Data was merged by leading phrase length, with any overlapping phrases across data sets having their counts summed in the merged set. The result was five ‘Master’ data sets, each containing the pooled data for the frequency of words or leading phrase-next word sequences.

3. Organizing the Data

The final step was to organize the data into a format that can be used by our prediction algorithm. The single word counts set was not processed in this step. At most, the prediction model will return three suggested next words to the user. Therefore, any leading phrases that were matched with more than three next words needed to be condensed. Each data set was converted to a new CSV file with five columns. The first column contains the leading phrases, while the next three columns contain, if available, the three most commonly used next words for that leading phrase, in their respective order. The fifth column contains a string of up to three integers representing the number of times each leading phrase-next word sequence was found in the original read of the data. This column was primarily left there for later analytics, and is not utilized by the prediction model.

Sample of Four Word Processed Data
Leading_Phrase Most_Common_Next_Word Second_Most_Common Third_Most_Common Counts
all going to die a be 3 2 2
all good things must 5
all had a wonderful great 6 5
all hands on deck 2
all have a great wonderful good 8 8 2

Building a Prediction Model

The prediction model will take user input and look at the four most recently typed words and check each word to see if it matches an item in the single words set. If any of the words do not match, they will be processed through an autocorrect algorithm to attempt to find the word that the user intended to type. Next, the four word string will be passed to the five word data set, where the algorithm will attempt to match it to one of the four word leading phrases.

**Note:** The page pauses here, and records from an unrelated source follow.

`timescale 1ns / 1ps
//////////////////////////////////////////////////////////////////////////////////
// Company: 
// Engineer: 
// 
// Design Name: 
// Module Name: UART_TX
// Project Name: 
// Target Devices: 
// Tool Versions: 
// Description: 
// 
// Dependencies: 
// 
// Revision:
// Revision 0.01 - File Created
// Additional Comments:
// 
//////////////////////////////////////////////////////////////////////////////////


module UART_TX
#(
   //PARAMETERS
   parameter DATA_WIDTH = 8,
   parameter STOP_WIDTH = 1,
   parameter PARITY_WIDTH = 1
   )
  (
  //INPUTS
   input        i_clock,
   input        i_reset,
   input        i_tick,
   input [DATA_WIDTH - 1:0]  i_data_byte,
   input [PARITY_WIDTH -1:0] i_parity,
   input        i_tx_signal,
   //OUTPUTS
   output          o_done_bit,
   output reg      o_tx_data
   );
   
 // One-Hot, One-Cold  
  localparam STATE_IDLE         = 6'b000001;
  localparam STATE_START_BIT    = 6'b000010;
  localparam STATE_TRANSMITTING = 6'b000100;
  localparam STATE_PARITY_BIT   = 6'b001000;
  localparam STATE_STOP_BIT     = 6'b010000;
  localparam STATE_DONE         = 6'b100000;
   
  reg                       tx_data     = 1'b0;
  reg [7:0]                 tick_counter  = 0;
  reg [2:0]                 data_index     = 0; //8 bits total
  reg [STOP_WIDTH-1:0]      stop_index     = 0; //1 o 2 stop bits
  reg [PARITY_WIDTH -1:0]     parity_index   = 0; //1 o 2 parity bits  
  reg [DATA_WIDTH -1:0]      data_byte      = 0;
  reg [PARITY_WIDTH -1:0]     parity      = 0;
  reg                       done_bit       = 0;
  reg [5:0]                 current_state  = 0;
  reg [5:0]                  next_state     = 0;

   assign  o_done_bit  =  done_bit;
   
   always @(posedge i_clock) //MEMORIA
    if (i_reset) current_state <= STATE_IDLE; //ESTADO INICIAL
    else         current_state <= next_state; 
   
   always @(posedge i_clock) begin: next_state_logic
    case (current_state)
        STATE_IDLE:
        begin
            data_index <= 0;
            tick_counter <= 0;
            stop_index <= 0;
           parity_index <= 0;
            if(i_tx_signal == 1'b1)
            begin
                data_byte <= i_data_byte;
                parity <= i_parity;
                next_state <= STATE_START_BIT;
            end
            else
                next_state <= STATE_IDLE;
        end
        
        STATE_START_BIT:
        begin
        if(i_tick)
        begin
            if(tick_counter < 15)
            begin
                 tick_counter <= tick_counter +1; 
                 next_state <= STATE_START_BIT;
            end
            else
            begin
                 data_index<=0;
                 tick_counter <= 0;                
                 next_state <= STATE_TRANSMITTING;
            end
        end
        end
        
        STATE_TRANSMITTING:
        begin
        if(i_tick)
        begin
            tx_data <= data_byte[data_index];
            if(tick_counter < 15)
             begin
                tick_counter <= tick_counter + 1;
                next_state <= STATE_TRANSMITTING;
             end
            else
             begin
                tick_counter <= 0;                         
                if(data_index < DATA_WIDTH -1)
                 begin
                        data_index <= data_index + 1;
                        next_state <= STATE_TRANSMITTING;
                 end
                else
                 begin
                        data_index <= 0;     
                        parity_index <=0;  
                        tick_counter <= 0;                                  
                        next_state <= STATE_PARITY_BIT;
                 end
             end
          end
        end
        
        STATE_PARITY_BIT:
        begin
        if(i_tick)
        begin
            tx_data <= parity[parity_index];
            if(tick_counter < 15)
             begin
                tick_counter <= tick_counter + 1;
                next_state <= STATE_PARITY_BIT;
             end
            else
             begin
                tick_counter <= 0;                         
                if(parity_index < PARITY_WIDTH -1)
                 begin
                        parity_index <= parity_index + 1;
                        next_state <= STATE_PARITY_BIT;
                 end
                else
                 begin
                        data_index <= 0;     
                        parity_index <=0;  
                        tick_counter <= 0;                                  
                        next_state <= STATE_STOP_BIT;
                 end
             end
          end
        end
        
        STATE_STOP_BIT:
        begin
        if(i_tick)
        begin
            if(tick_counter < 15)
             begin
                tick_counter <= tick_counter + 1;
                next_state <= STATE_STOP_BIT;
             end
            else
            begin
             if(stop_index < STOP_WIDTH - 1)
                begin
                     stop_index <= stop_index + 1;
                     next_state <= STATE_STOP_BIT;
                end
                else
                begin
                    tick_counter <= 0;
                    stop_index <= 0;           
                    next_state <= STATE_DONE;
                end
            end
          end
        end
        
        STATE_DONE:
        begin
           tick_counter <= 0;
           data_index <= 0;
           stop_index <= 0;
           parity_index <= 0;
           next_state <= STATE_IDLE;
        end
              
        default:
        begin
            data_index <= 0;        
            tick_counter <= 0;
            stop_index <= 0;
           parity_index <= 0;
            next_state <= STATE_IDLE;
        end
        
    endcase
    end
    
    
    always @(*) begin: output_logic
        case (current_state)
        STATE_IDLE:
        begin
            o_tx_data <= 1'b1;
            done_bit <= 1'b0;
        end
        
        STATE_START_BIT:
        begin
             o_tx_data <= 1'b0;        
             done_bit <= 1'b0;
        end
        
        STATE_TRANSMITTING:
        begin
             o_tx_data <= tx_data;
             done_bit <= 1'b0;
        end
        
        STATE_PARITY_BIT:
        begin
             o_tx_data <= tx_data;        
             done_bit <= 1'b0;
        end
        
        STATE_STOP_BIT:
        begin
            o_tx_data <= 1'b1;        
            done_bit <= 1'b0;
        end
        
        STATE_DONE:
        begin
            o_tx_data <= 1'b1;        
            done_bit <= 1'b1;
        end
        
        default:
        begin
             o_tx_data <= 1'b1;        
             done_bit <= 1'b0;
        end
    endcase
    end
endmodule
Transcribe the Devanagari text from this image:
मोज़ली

If a match is found, it will be added to the list of suggestions to be returned to the user. If at this point fewer than three matches have been found, the first word in the string will be removed, and the three most recent words entered by the user will attempt to be matched. This will continue with the two and single most recent words until three suggestions have been found. If at least one suggestion has been found by this point, the list of (up to) three suggestions will be returned to the user.

If no suggestions have been found, the most recent word entered by the user is deleted from the input string, and the next four most recent words are passed recursively to a new call of the prediction model. This continues until a match is found, or two recursive calls have been made to the function (meaning the prediction algorithm was executed three times altogether). This deletion is done so that, if the user inputs an unmatchable word at the end of their input string, the predictor is able to work around this and can still attempt to find suggestions based on the rest of their input.